The feature of present method:

Present method has designed a kind of new analytical procedure based on the RMI index, is applicable to the analysis of RNA-seq and ChIP-seq two big class high-flux sequence experiments.This method has more elasticity than existing additive method, and higher accuracy is arranged.Be embodied in: 1) analyzing RNA-seq as a result the time, is not that gene is a unit, but is unit with the section.The size of section can define arbitrarily, so present method can detect differential expression and variable shearing simultaneously, and this is the remarkable difference of present method and additive method.2) when analyzing the ChIP-seq sequence, as long as do a little optimization, (such as, it can be the minimized interval of p-value that binding site is defined as), then present method will provide the peak value that is accurate to base, will be more accurate than additive method.This is the difference place of RMI method than other ChIP-seq analytical procedures.

More than be the description of this invention and non-limiting, based on other embodiment of inventive concept, all among protection scope of the present invention.

Claims

1. based on RMI exponential high-flux sequence analyzing novel methods, be characterized in the high-flux sequence result being carried out rapid and accurate analysis based on a new index (RMI:Read Mass Index).The method is characterized in that and have the following steps:

Step 1: obtain transcript high-flux sequence (RNA-seq) or karyomit(e) co-immunoprecipitation high-flux sequence (ChIP-seq) data.

Step 2: according to high-flux sequence information, and proofread and correct based on species gene group sequence information, the experience of estimation RMI distributes.

Step 3: utilize the RMI experience to distribute and sequencing data, identify that differential expression section or difference are in conjunction with the peak.

2.RMI method of calculation be:

RMI＝(Read?Coverage/Mappability)*Adjustment

The number of times that checked order for this site of Read Coverage wherein

Mappability represents the theoretical value that this section is covered by stochastic sequence under null hypothesis.The method of calculation of RMI are as follows:

RMI＝(Read?Coverage/Mappability)*Adjustment

Mappability represents the theoretical value that this section is covered by stochastic sequence under null hypothesis.Calculation Method is the segment that the reference genome is split as n base (the n value reads the length of sequence for different order-checking instruments), is step-length with 1 base, and the section that each is possible in theory all takes out, then with all segments all to the contraposition of protogene group.The contraposition result who so obtains is the theoretical distribution of Mappability.

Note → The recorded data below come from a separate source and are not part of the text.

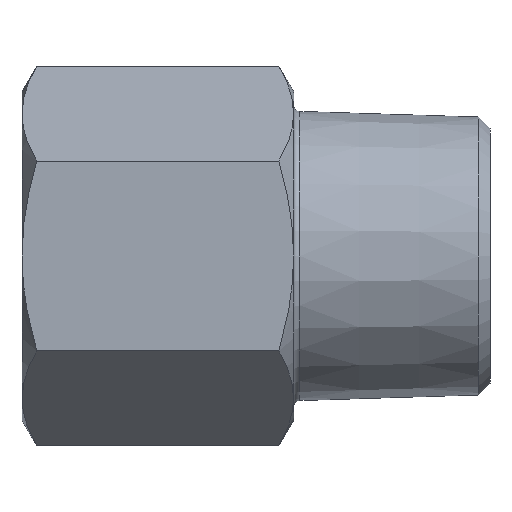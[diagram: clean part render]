
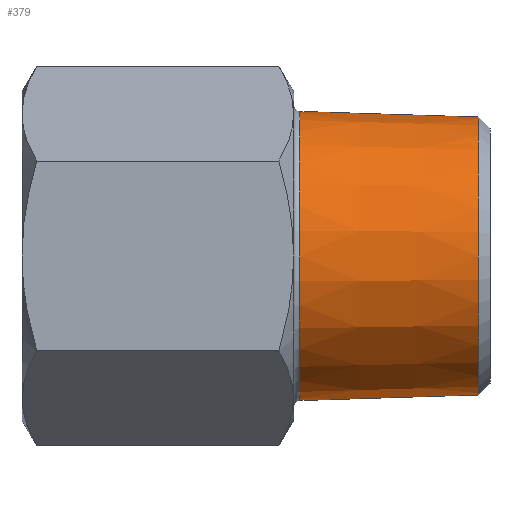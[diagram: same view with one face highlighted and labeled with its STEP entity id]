
A CAD part, left-side view. The second image highlights one B-rep face of the part: STEP entity #379.
In plain terms, the highlighted conical face has half-angle 1.788 degrees and reference radius 13.25 mm.
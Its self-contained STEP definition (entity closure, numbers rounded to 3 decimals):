
#58=CONICAL_SURFACE('',#429,13.25,0.031);
#85=ORIENTED_EDGE('',*,*,#188,.F.);
#86=ORIENTED_EDGE('',*,*,#187,.T.);
#187=EDGE_CURVE('',#239,#239,#273,.T.);
#188=EDGE_CURVE('',#240,#240,#274,.T.);
#239=VERTEX_POINT('',#598);
#240=VERTEX_POINT('',#601);
#273=CIRCLE('',#428,13.25);
#274=CIRCLE('',#430,12.739);
#292=EDGE_LOOP('',(#85));
#293=EDGE_LOOP('',(#86));
#332=FACE_BOUND('',#292,.T.);
#333=FACE_BOUND('',#293,.T.);
#379=ADVANCED_FACE('',(#332,#333),#58,.T.);
#428=AXIS2_PLACEMENT_3D('',#597,#490,#491);
#429=AXIS2_PLACEMENT_3D('',#599,#492,#493);
#430=AXIS2_PLACEMENT_3D('',#600,#494,#495);
#490=DIRECTION('',(0.,-1.,0.));
#491=DIRECTION('',(0.,0.,-1.));
#492=DIRECTION('',(0.,1.,0.));
#493=DIRECTION('',(0.,0.,1.));
#494=DIRECTION('',(0.,-1.,0.));
#495=DIRECTION('',(0.,0.,-1.));
#597=CARTESIAN_POINT('',(0.,-0.581,0.));
#598=CARTESIAN_POINT('',(0.,-0.581,-13.25));
#599=CARTESIAN_POINT('',(0.,-0.581,0.));
#600=CARTESIAN_POINT('',(0.,-16.921,0.));
#601=CARTESIAN_POINT('',(0.,-16.921,-12.739));

Adjustment is the correction at this time order-checking.Promptly, think that promptly the confidence level of these sequences is lower than the sequence of perfect contraposition to there being unmatched sequence that certain point penalty is arranged.Through overtesting, present method is made as 50%, 2 unmatched sequence adjustment value of base with 1 unmatched sequence adjustment value of base and is made as 25%.

3. at high-flux sequence instrument Solexa, 454 (GS-FLX) all can use the RMI index to carry out data analysis among SOLiD and the Polonator.